# PROBLEM DETAILS:
Repeat exactly, and only, the lines from the line bearing "Transcribe the Devanagari" through the end of the material. Do not copy the pictures.

# THE DATA:
*** Begin section ***

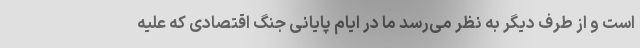
است و از طرف دیگر به نظر می‌رسد ما در ایام پایانی جنگ اقتصادی که علیه
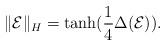
LaTeX: \begin{align*}\|\mathcal E\|_H=\tanh(\frac{1}{4}\Delta(\mathcal E)).\end{align*}
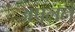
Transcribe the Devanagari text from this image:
ॲपलने
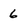
Character: 6
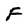
Character: F

*** End section ***

# EXERCISE ANSWER:
Transcribe the Devanagari text from this image:
ॲपलने
Character: 6
Character: F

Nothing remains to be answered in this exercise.